Im Lehrplan-21-Projekt wurde eine Normstundentafel definiert, welche grosso modo den Deutschschweizer Durchschnitt an Lektionen abbildet. Auf dieser Basis wurden im Lehrplan 21 die Lernziele definiert. Das ist gut für die Kantone, deren Lektionen sich im Durchschnitt bewegen. Diejenigen Kantone, die Lektionen zwischen den Fächern – bspw. zwischen Musik und Handarbeit – umverteilen müssen, riskieren gewerkschaftliche Auseinandersetzungen. Schlimmer noch trifft es jene Kantone, die zuwenig Lektionen an sich haben. Die haben ein finanzielles Problem. Eine Wochenlektion mehr über alle zehn Schuljahre würde die öffentliche Hand im Kanton Zug gut 4,5 Mio. Franken kosten. Damit Sie die Zahlen auf Ihren Kanton hochrechnen können: Der Kanton Zug hat nicht ganz 120’000 Einwohner… Gemäss einer Erhebung der D-EDK liegt derjenige Deutschschweizer Kanton mit den wenigsten Lektionen rund zwei Wochenstunden unter dem Durchschnitt. Allein diese Stundenharmonisierung würde die betroffenen Kantone Millionen kosten.
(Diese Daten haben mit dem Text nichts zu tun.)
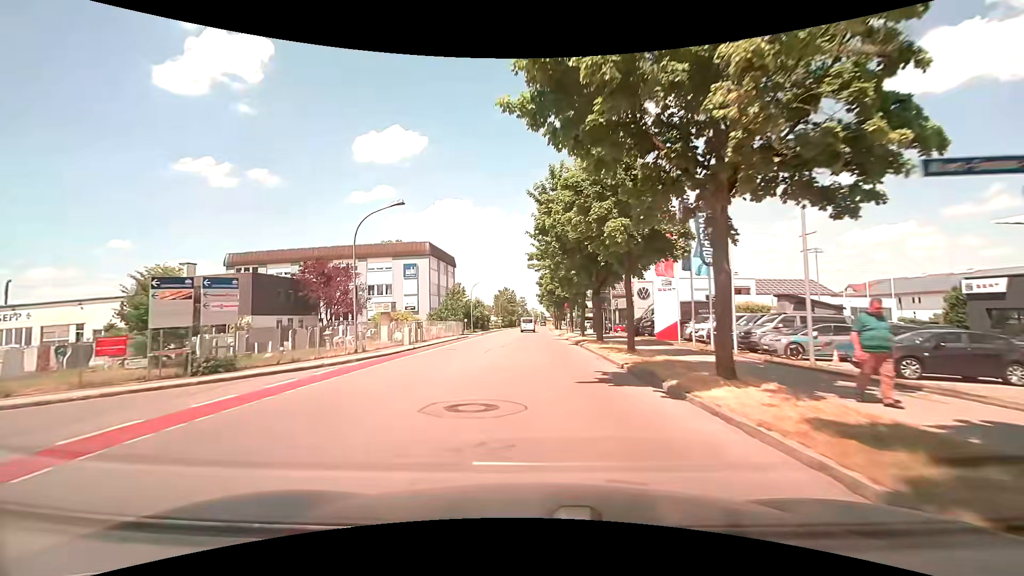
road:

In den meisten Kantonen wird man also Differenzen haben zwischen den in der Lehrplanvorlage definierten Lernzielen und der im Kanton verfügbaren Unterrichtslektionen. Aus verschiedenen Gründen wird es nicht kurzfristig möglich sein, die Lektionszahl einfach anzupassen. Gleichzeitig werden die Harmonisierer und Zentralisten Druck machen, den Lehrplan 21 möglichst unverändert zu übernehmen. Und damit ist das pädagogische Dilemma aufgezeichnet. Lösen kann man dieses Dilemma bei der Einführung des Lehrplans nur, wenn man vom Dogma „unverändert einführen“ abweicht. Und lösen muss man dieses Dilemma, weil man sonst nur die nächste unausgegorene Reform auf dem Buckel des Lehrers an der Front anstösst. Das haben weder unsere Kinder noch unsere Lehrer verdient.
Wir müssen uns also dafür einsetzen, dass der Lehrplan 21 nicht tel quel übernommen, sondern auf die Verhältnisse vor Ort angepasst wird. So macht man das mit allem in der Schweiz.
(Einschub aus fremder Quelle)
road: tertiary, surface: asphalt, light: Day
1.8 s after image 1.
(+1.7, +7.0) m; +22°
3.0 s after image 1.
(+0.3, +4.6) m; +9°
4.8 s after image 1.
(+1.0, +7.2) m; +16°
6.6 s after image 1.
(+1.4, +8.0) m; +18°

Ich fasse zum Schluss meine Thesen zusammen:
Erstens: Bildung ist keine exakte Wissenschaft. Wissenschaftliche Einheitslösungen kann es im Schulwesen nicht geben. Darum ist Vielfalt vor Einfalt die wichtigste Regel für eine starke Schule.
Zweitens: Bildungswissenschaftliche Studien sind mit Vorsicht zu geniessen – auch wenn sie von der EDK kommen.
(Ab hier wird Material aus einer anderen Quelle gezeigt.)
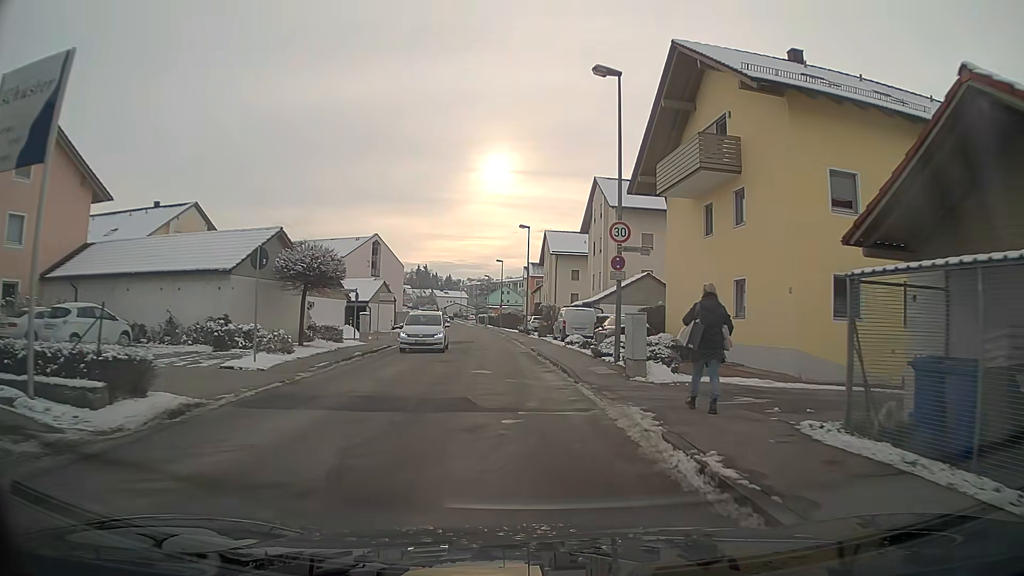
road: unclassified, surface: asphalt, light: Day
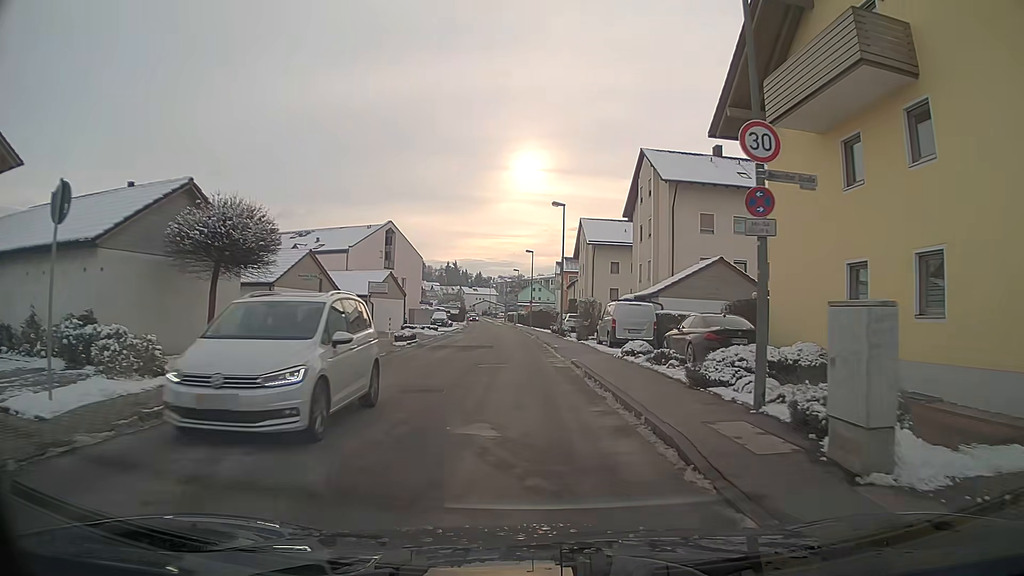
(-0.2, +9.1) m; -3°
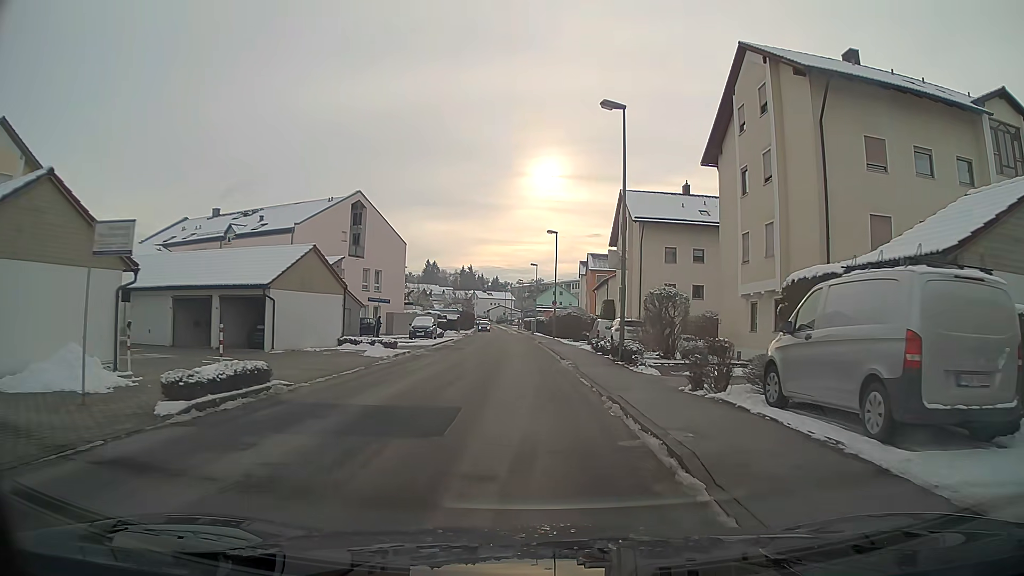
(-0.2, +20.6) m; -1°
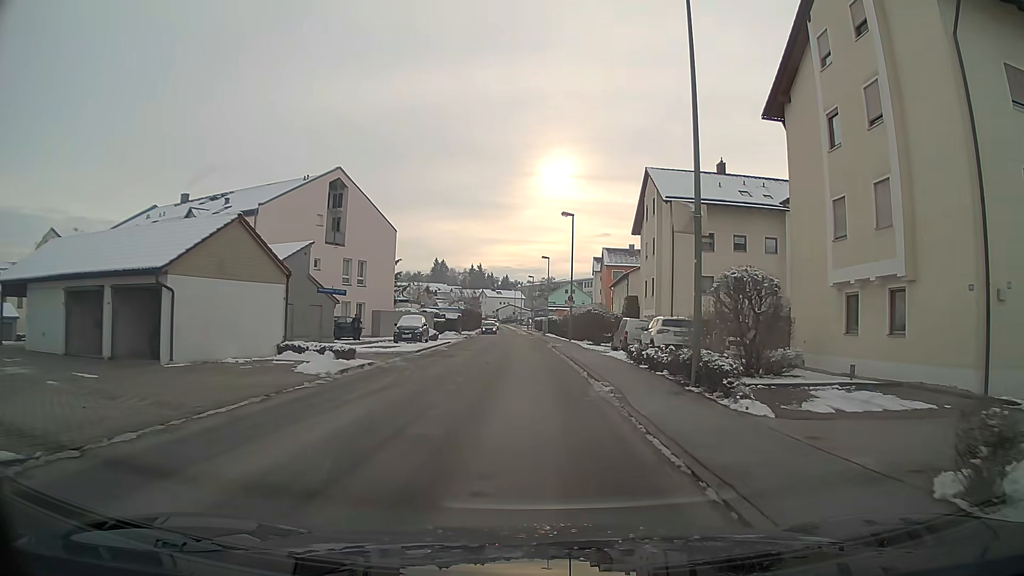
(-0.1, +8.3) m; -1°
(0, +10) (0, +20) (0, +30) (-1, +40) (-1, +50) (-1, +60) (-2, +70) (-2, +80) (-3, +90) (-3, +100) m

Drittens: Bei der Einführung des Lehrplan 21 ist auf die Verhältnisse des jeweiligen Kantons Rücksicht zu nehmen. Vielfalt vor Einfalt gilt auch hier.
Und am wichtigsten ist: Wir müssen uns als Partei in die Bildungsdebatte stürzen. Es gibt keine gute Schule – ausser es wird um sie gerungen.